Anna Gressel: And I think, you know pulling on one thread, which I think is really important. When ChatGPT and some of these other chatbots originally came out, actually the inability to iterate with questions was one of the big criticisms of those models because they were really reliant on a prompt being perfect to get a perfect response. And you could say, actually, do it differently. Actually, I really meant this. Like you could refine over time. And particularly as the context window got bigger with those models, that meant you could actually go back and forth and it would have memory for that.

Katherine Forrest: Remind our audience what a context window is, Anna.

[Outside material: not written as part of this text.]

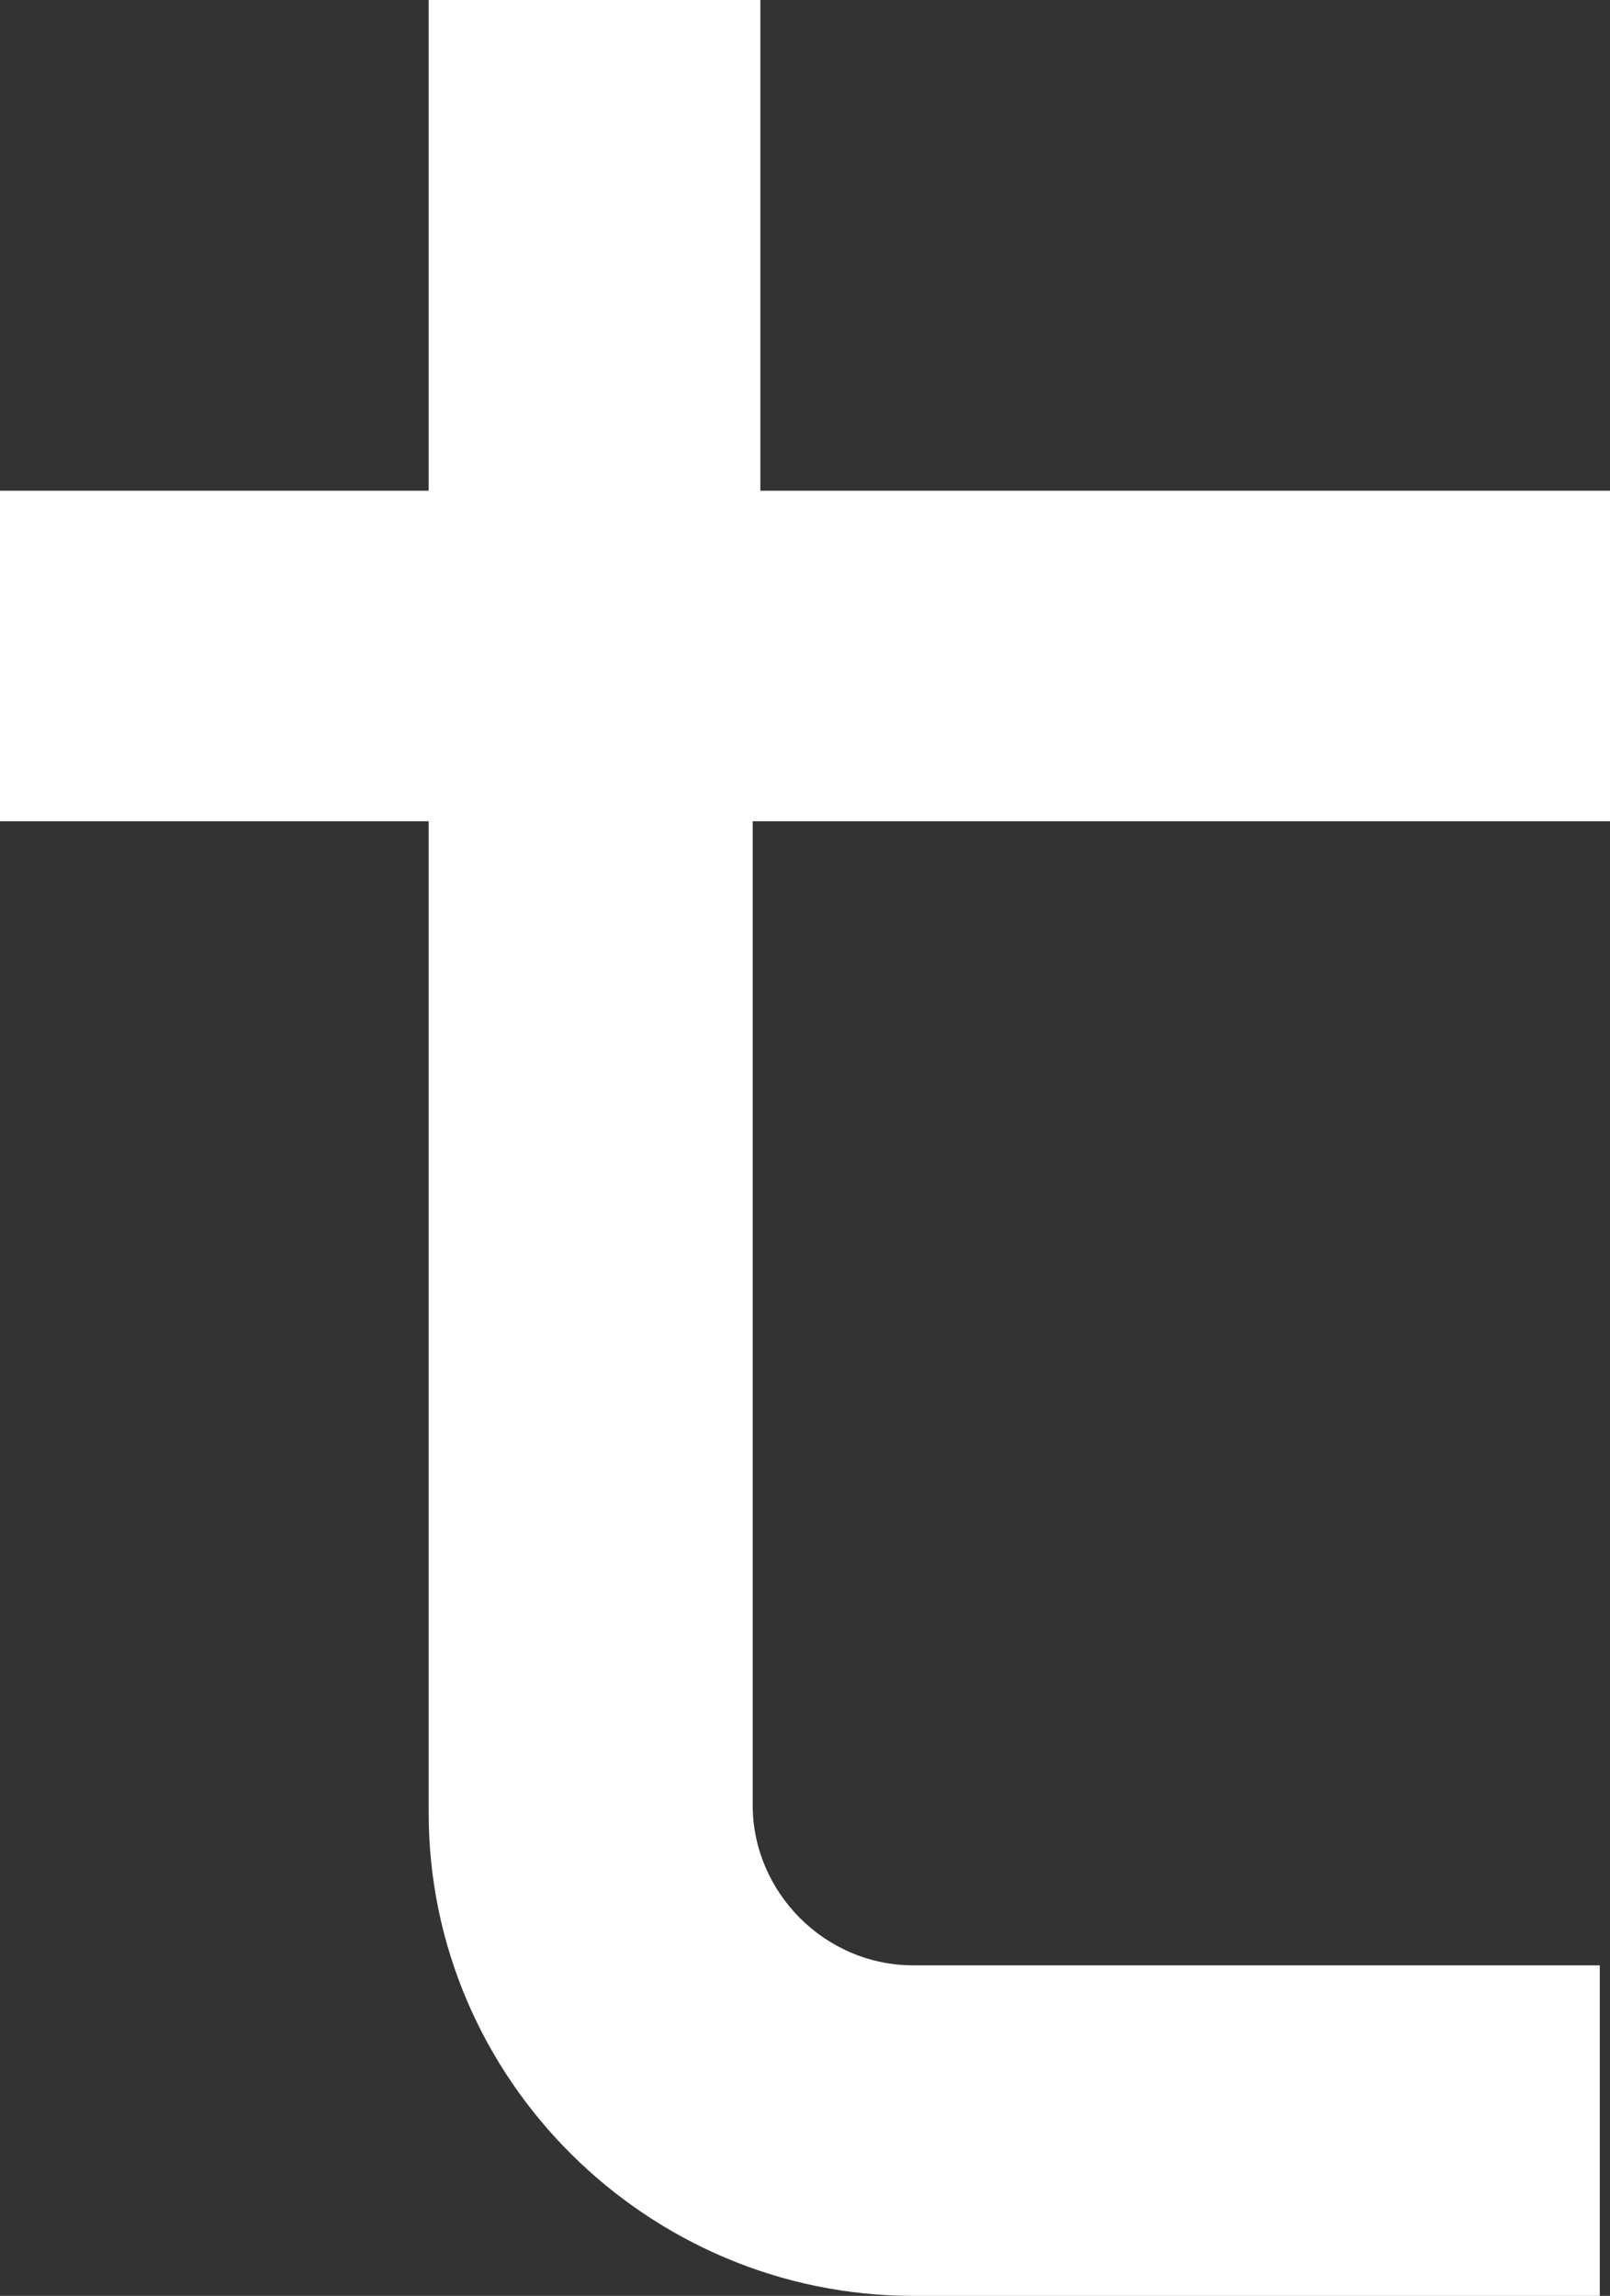 <svg width="47" height="67" fill="none" xmlns="http://www.w3.org/2000/svg"><rect width="100%" height="100%" fill="#333333" stroke="none"/><path d="M22.197 0h-9.683v14.32H0v9.646h12.514v28.937c0 7.79 6.405 14.097 14.152 14.097h20.036v-9.646H26.666c-2.607 0-4.693-2.151-4.693-4.674V23.966H47V14.32H22.197V0z" fill="#fff"/></svg>

Anna Gressel: I mean, colloquially, I think the context window is just how much information it's able to process in answering a particular query. And so that can include past queries you have and like past back and forth kind of questions or answers. And so that context window, you know, made it better at iterating with you, but it can never actually go back to you and say, I'm a little confused, can you clarify? Or did you mean this by this term? Or that by that term? And that was a limiting factor in how good the outputs were. And that was something that I think a lot of people recognized was the inability to be on a two, in a two-sided conversation with your chatbot did actually decrease some of the contextual appropriateness of the output or the ability of the output to be really tailored to what you were actually looking for. So this seems like a pretty big game changer, the fact that it can come back and say, do you want these footnotes? But also, what did you mean by this? Or would you prefer for me to take this as an assumption or that as an assumption? I mean, there are very interesting questions back that I'm seeing in some of the demos about these tools that are almost like what a junior associate would ask when they got an assignment. Did you actually mean this or should this be an assumption of the project? And that I think is completely fascinating.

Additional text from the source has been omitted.